§ **WHAT THE TASK ASKS**: If a picture appears in the records below, drop it, and reproduce everything else exactly.

§ **SUPPLIED MATERIAL**:

▼▼▼

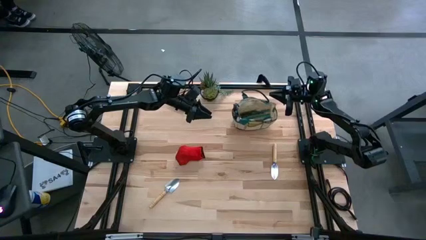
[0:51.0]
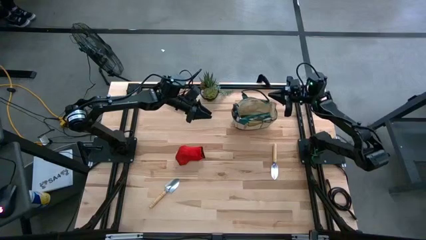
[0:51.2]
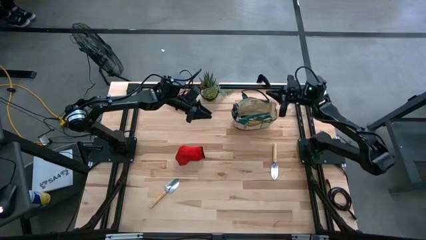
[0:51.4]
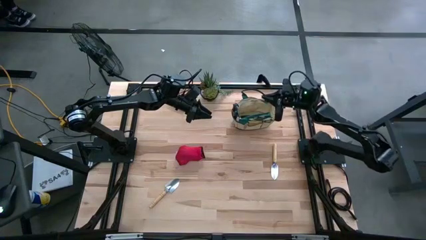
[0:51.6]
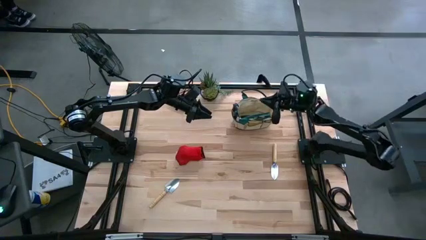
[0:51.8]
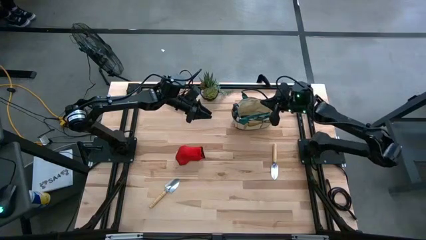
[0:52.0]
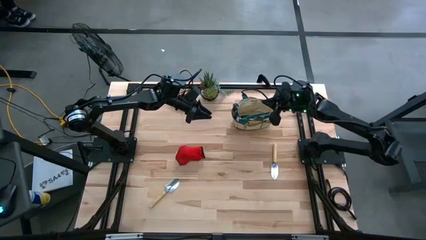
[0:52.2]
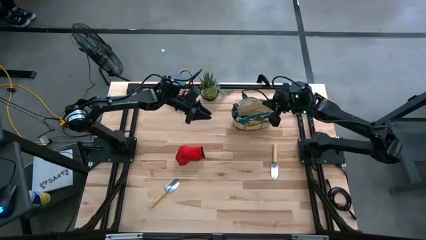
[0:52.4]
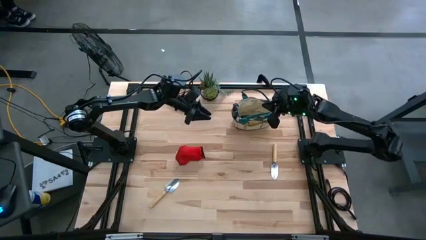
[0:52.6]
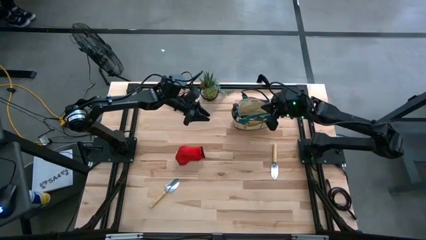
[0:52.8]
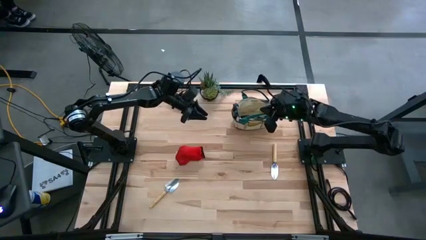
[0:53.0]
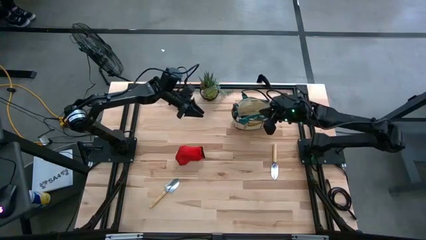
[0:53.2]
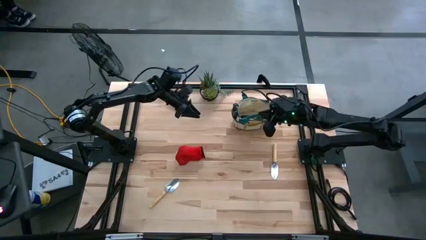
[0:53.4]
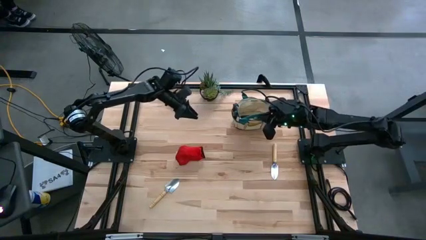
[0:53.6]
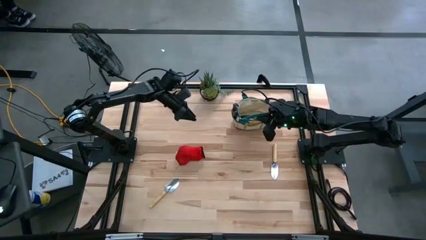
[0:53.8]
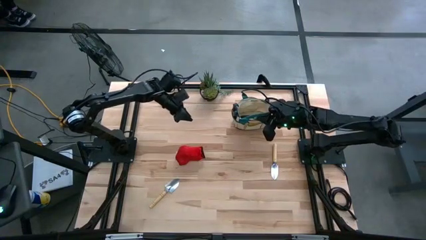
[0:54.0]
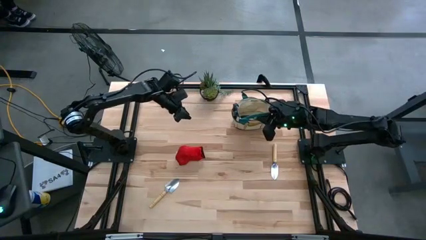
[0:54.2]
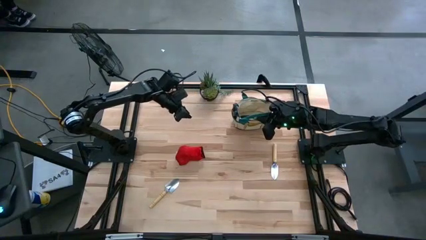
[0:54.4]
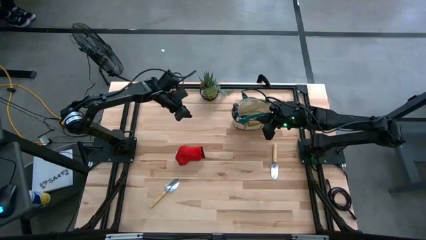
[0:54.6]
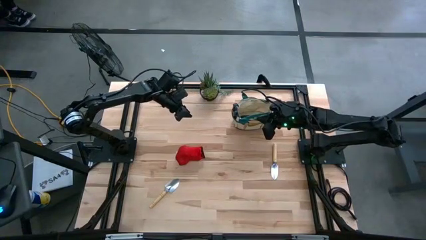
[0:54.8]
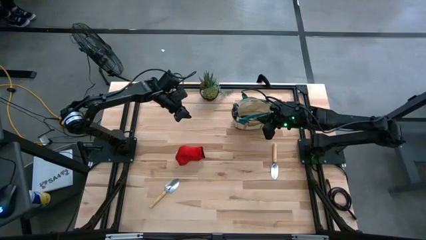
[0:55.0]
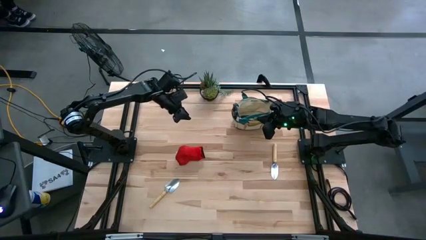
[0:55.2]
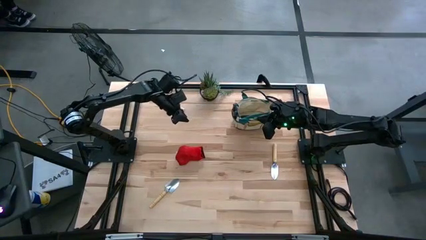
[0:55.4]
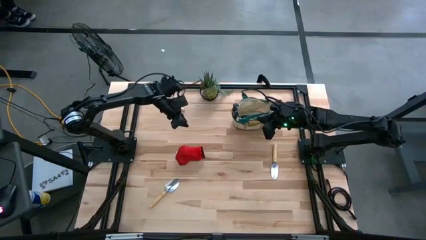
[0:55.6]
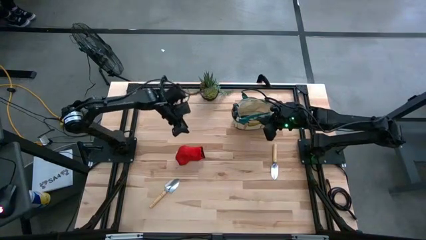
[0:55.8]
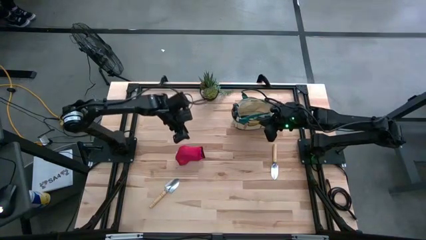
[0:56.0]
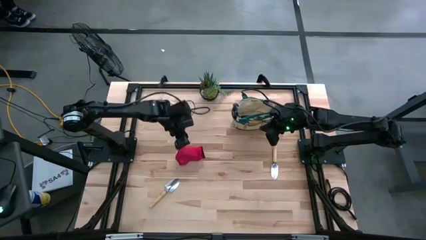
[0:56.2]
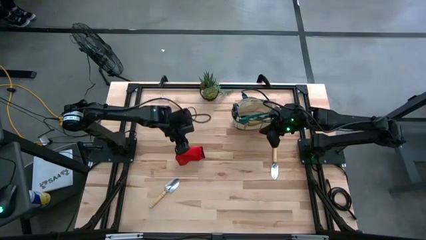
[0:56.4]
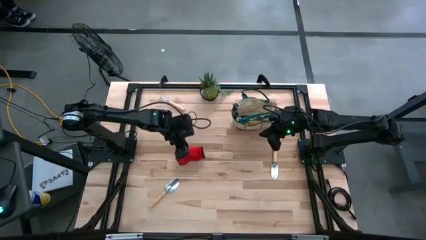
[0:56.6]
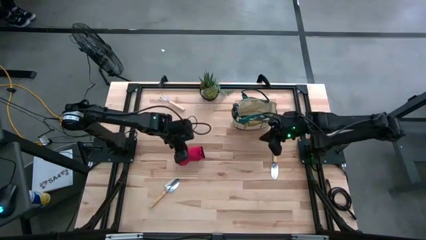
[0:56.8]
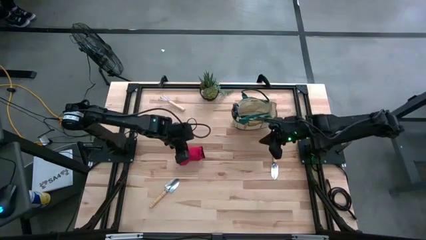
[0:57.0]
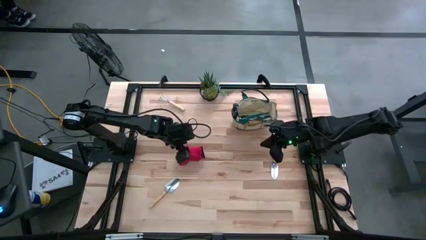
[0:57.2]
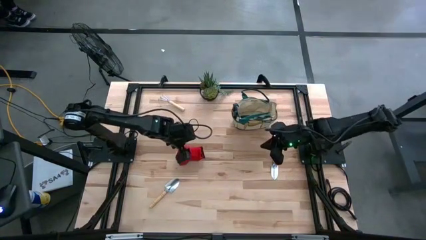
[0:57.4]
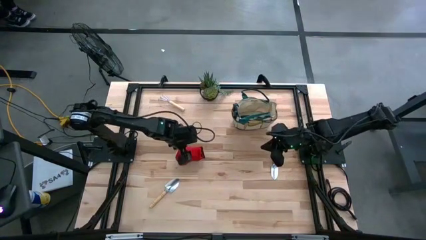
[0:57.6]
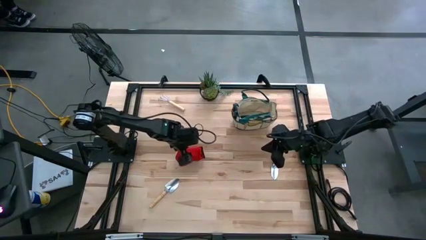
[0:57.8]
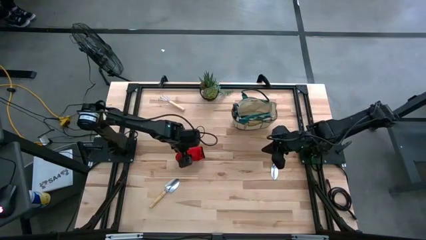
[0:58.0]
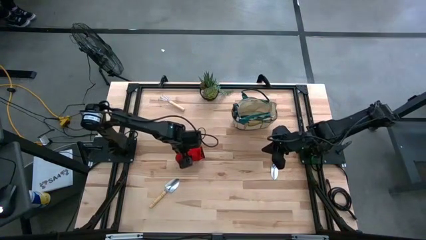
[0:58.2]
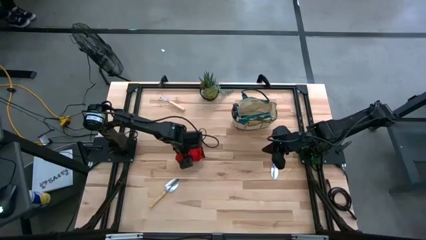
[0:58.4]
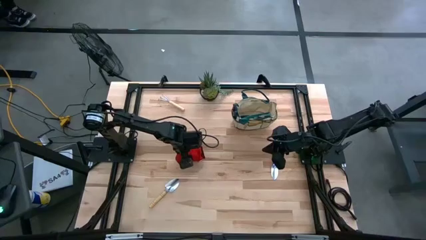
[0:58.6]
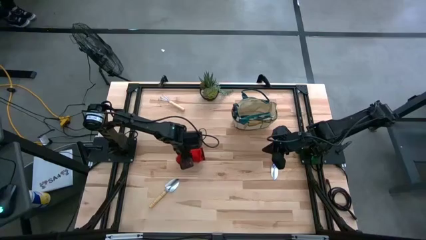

▲▲▲

§ **RESPONSE BOX**:
[0:51.0]
[0:51.2]
[0:51.4]
[0:51.6]
[0:51.8]
[0:52.0]
[0:52.2]
[0:52.4]
[0:52.6]
[0:52.8]
[0:53.0]
[0:53.2]
[0:53.4]
[0:53.6]
[0:53.8]
[0:54.0]
[0:54.2]
[0:54.4]
[0:54.6]
[0:54.8]
[0:55.0]
[0:55.2]
[0:55.4]
[0:55.6]
[0:55.8]
[0:56.0]
[0:56.2]
[0:56.4]
[0:56.6]
[0:56.8]
[0:57.0]
[0:57.2]
[0:57.4]
[0:57.6]
[0:57.8]
[0:58.0]
[0:58.2]
[0:58.4]
[0:58.6]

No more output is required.